Trakya’yı üzme, Çerkezköy’e ve Kapaklı’ya kömür santrali dikme!

TEMA Vakfı, tüm Trakya’nın tarım alanlarını etkileyecek bir termik santral kurulması planlanan Çerkezköy’ü ve Kapaklı’yı basın temsilcileri ve uzmanlarla birlikte ziyaret etti.

“Kömür Üzer” kampanyası kapsamında gerçekleşen ziyarette TEMA Vakfı Genel Müdürü Oben Akyol, yapılması planlanan termik santralin başta Saray, Ergene, Edir, Yoncalı, Karacakılavuz, Muratlı ve Çorlu büyük ovaları olmak üzere Trakya’nın tüm tarım alanlarını ve ormanlarını tehdit ettiğini belirtti.

2017 ve 2018’de Resmi Gazete’de yayımlanan Bakanlar Kurulu kararları ile toplam 6,8 milyon hektarı (9 milyon futbol sahası büyüklüğünde bir alan) kaplayan 243 ova, “Büyük ova koruma alanı” ilan edildi. Türkiye’nin gıdasını üreten bu alanlarda kömür ocakları ve kömürlü termik santraller kurulması planlanıyor.


TEMA Vakfı başlattığı “Kömür Üzer” kampanyası ile kömürlü termik santrallerin ve kömür madenciliğinin tarım alanlarına verdiği zarara dikkat çekmek için yurt genelinde çalışmalar gerçekleştiriyor. Termik santral projelerinden birinin de Tekirdağ Çerkezköy’de yapılması hedefleniyor. Bu kapsamda tarımı, toprağı, gıdayı, suyu ve hayatı tehdit eden kömür projelerinin vereceği zararları yerinde görmek ve konuyla ilgili detayları paylaşmak üzere TEMA Vakfı Genel Müdürü Oben Akyol, basın temsilcileri ve uzmanlarla birlikte Tekirdağ’ın Çerkezköy ve Kapaklı ilçelerini ziyaret etti.

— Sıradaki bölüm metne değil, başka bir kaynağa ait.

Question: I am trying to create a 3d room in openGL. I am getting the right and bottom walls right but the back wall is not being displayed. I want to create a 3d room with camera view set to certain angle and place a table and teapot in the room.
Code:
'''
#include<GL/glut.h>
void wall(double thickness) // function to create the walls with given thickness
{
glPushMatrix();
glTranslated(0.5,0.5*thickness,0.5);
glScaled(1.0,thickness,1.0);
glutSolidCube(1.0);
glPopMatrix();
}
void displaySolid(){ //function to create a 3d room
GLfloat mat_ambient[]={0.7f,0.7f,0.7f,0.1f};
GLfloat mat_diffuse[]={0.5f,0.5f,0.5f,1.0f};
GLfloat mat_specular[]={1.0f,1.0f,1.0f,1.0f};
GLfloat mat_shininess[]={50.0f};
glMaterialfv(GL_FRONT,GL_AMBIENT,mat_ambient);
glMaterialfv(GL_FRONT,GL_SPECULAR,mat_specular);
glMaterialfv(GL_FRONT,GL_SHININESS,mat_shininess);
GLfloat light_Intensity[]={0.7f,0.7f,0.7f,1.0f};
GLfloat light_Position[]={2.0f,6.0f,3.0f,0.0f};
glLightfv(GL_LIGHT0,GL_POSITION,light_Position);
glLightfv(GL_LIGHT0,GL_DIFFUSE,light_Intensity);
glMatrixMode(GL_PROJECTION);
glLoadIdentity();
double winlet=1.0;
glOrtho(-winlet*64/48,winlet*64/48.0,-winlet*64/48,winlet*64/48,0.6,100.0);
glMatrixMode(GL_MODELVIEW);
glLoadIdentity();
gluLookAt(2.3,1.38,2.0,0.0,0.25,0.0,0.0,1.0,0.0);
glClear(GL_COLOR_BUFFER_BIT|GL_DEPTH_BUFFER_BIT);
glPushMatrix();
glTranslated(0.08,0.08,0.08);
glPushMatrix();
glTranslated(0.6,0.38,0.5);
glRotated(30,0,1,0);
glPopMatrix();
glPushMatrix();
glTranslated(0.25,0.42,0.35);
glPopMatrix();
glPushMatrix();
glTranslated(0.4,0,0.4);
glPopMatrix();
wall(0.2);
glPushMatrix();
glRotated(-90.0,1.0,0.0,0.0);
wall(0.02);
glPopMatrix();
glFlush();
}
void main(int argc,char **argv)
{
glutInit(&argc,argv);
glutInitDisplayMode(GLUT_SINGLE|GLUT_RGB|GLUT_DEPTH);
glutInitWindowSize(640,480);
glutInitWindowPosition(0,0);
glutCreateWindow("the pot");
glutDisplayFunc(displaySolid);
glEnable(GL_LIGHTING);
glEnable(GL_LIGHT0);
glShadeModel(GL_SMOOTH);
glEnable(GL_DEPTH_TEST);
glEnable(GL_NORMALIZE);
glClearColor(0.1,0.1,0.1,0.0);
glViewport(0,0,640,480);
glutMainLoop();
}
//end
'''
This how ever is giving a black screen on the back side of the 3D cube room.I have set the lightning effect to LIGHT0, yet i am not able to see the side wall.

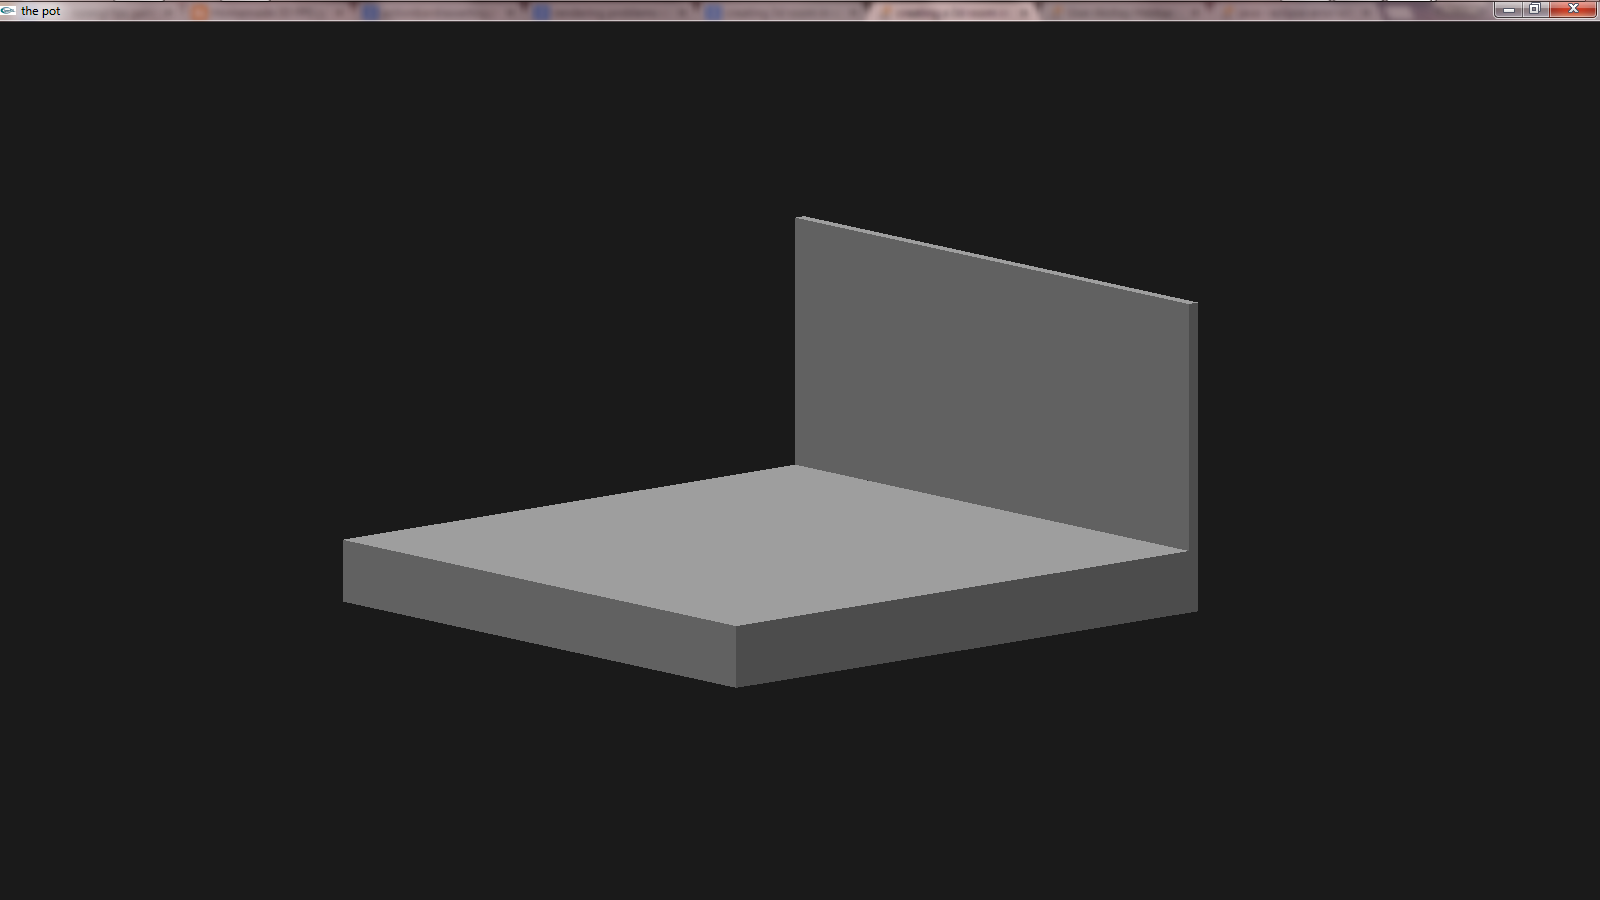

30 binden fazla imza toplandı

Büyük ova ilan edilen bölgelerde projelendirilen termik santral ve kömür madenciliği projelerinin Türkiye’nin gıda ve su güvencesini tehdit ettiğinin altını çizen TEMA Vakfı Genel Müdürü Oben Akyol, “Kömürlü termik santraller ve kömür madenciliği başta toprak ve su varlıkları olmak üzere tüm doğal varlıklara geri dönülmez zararlar veriyor. Ayrıca termik santrallerin neden olacağı hava kirliliği ve su tüketimi tarımı, çiftçiyi ve halk sağlığını tehdit ediyor. Buna karşın bugün ziyaret ettiğimiz Trakya’nın yanı sıra Eskişehir Alpu Ovası, Konya ve Karaman ovaları da termik santral tehdidi altında bulunuyor.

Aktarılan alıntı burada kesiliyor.